El primer y más sencillo experimento que realizaron Ramsey y sus colaboradores fue observar en qué parte de los cuerpos de las abejas los ácaros varroa tendían a adherirse para alimentarse. Si los ácaros se apoderaban de lugares aleatorios, razonó Ramsey, eso sugeriría que en realidad se alimentaban de hemolinfa, que se distribuye uniformemente por todo el cuerpo. Por otro lado, si tuvieran un sitio preferido en el cuerpo, eso podría proporcionar una pista importante para su comida preferida.

Cuando se alimentan de abejas inmaduras, los ácaros comen en cualquier lugar. Pero en las abejas adultas, encontramos una gran preferencia por la parte inferior del abdomen de las abejas”, dijo Ramsey. “Más del 90 % de los ácaros que encontramos en adultos se alimentaban allí. A medida que las abejas maduran, el tejido corporal graso migra a la parte inferior del abdomen. La conexión fue difícil ignorar, pero necesitábamos más evidencias“.

Ramsey y su equipo tomaron luego imágenes de los sitios de la herida donde los ácaros varroa roían el abdomen de las abejas. Usando una técnica llamada fractura por congelación, los investigadores utilizaron nitrógeno líquido para congelar a los ácaros y sus hospedadores de abejas, esencialmente tomando una “instantánea” física de los hábitos de alimentación de los ácaros en acción. Utilizando microscopios electrónicos de barrido potentes para visualizar los sitios de la herida, Ramsey vio una clara evidencia de que los ácaros se alimentaban de tejido corporal graso.

Las imágenes nos dieron una excelente vista de los sitios de la herida y lo que estaban haciendo las piezas bucales de los ácaros”, dijo Ramsey. “Pudimos ver pedazos digeridos de células grasas del cuerpo. Los ácaros estaban convirtiendo a las abejas en sopa de crema de abeja. “Un organismo del tamaño de la cara de una abeja está trepando y comiéndose un órgano. Es aterrador. Pero aún no pudimos verificar que la hemolinfa no se estaba consumiendo”.

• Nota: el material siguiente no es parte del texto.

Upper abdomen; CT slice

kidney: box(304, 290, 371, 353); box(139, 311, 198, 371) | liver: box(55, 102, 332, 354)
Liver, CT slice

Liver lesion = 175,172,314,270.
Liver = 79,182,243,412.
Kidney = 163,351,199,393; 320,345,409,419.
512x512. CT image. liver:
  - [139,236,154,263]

Para reforzar aún más su caso, Ramsey y sus colegas alimentaron a las abejas con uno de dos tintes fluorescentes: la uranina, un tinte soluble en agua que brilla en amarillo, y el rojo del Nilo, un tinte soluble en grasa que brilla en rojo. Si los ácaros consumían hemolinfa, Ramsey esperaba ver un resplandor amarillo brillante en los vientres de los ácaros después de alimentarse. Por otro lado, si se alimentaban de cuerpos grasos, Ramsey predijo un brillo rojo revelador.

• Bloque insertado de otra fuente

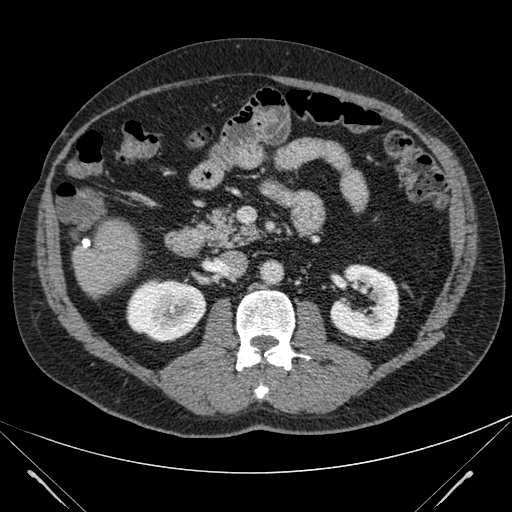 CT scan slice

<segmentation>
  <kidney>(128,281,204,340), (331,265,398,339)</kidney>
  <liver>(72,220,140,297)</liver>
</segmentation>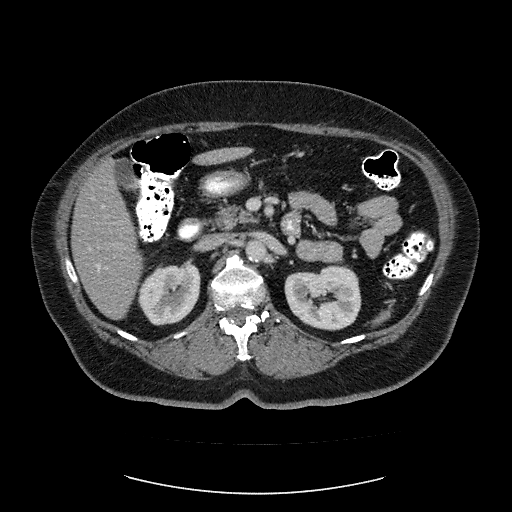

CT slice

Not every hepatic vessel necessarily has a box.
Segmented structures:
* hepatic vessel: <bbox>92, 198, 94, 199</bbox>, <bbox>102, 205, 104, 206</bbox>, <bbox>97, 264, 100, 270</bbox>, <bbox>106, 216, 107, 217</bbox>, <bbox>88, 246, 90, 248</bbox>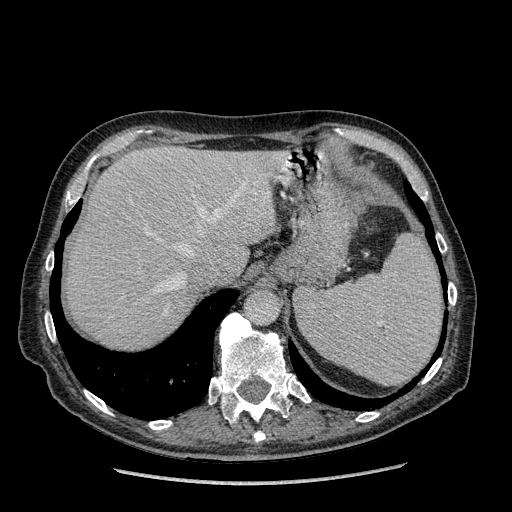

CT slice; Abdomen

The liver lies within l=68, t=146, r=285, b=350.

Cuando vimos las tripas del primer ácaro, brillaba de un rojo brillante como el sol. Esto era una prueba positiva de que el cuerpo graso estaba siendo consumido”, dijo Ramsey. “Hemos estado hablando de estos ácaros como si fueran vampiros, pero no lo son. Son más como hombres lobo. Hemos estado tratando de lanzar una estaca a través de ellos, pero resulta que necesitábamos una bala de plata”.

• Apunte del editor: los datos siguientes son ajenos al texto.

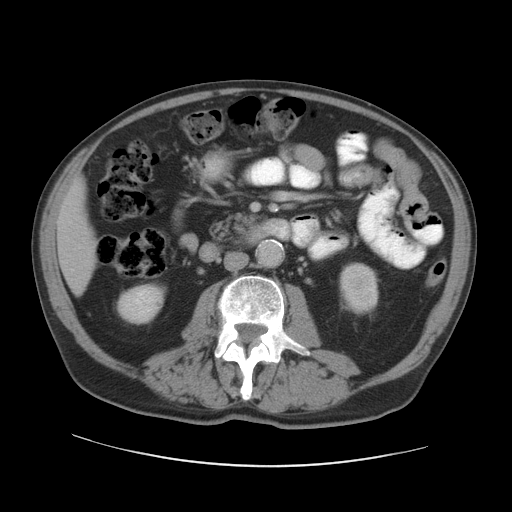

Computed tomography

The vessel boxes may cover only some of the vessels.
• hepatic vessel: [78, 245, 81, 247], [59, 217, 62, 223], [69, 221, 71, 223], [72, 269, 73, 271]

Para introducir el último clavo proverbial en el ataúd de la idea de que los ácaros se alimentan de la hemolinfa, Ramsey realizó un último experimento. Primero, perfeccionó minuciosamente la capacidad de criar ácaros varroa en un régimen dietético artificial, una tarea difícil para un parásito que prefiere las comidas de un huésped vivo. Luego, les dio dietas compuestas de hemolinfa o tejido corporal graso, con algunas mezclas de las dos.

Los resultados fueron sorprendentes: los ácaros alimentados con una dieta de hemolinfa pura se murieron de hambre, mientras que los alimentados con tejido corporal graso prosperaron e incluso produjeron huevos.

Estos resultados tienen el potencial de revolucionar nuestra comprensión del daño causado a las abejas por los ácaros”, dijo Dennis Van Engelsdorp, profesor de entomología en la UMD y coautor del estudio, quien también se desempeñó como asesor de Ramsey. “Los cuerpos grasos sirven para muchas funciones cruciales para las abejas. Ahora tiene mucho más sentido ver cómo el daño a las abejas individuales se manifiesta de la manera en que ya sabemos que la varroa daña a las colonias de abejas. Es importante destacar que también se abre tan muchas nuevas oportunidades para tratamientos más efectivos y enfoques específicos para controlar los ácaros “.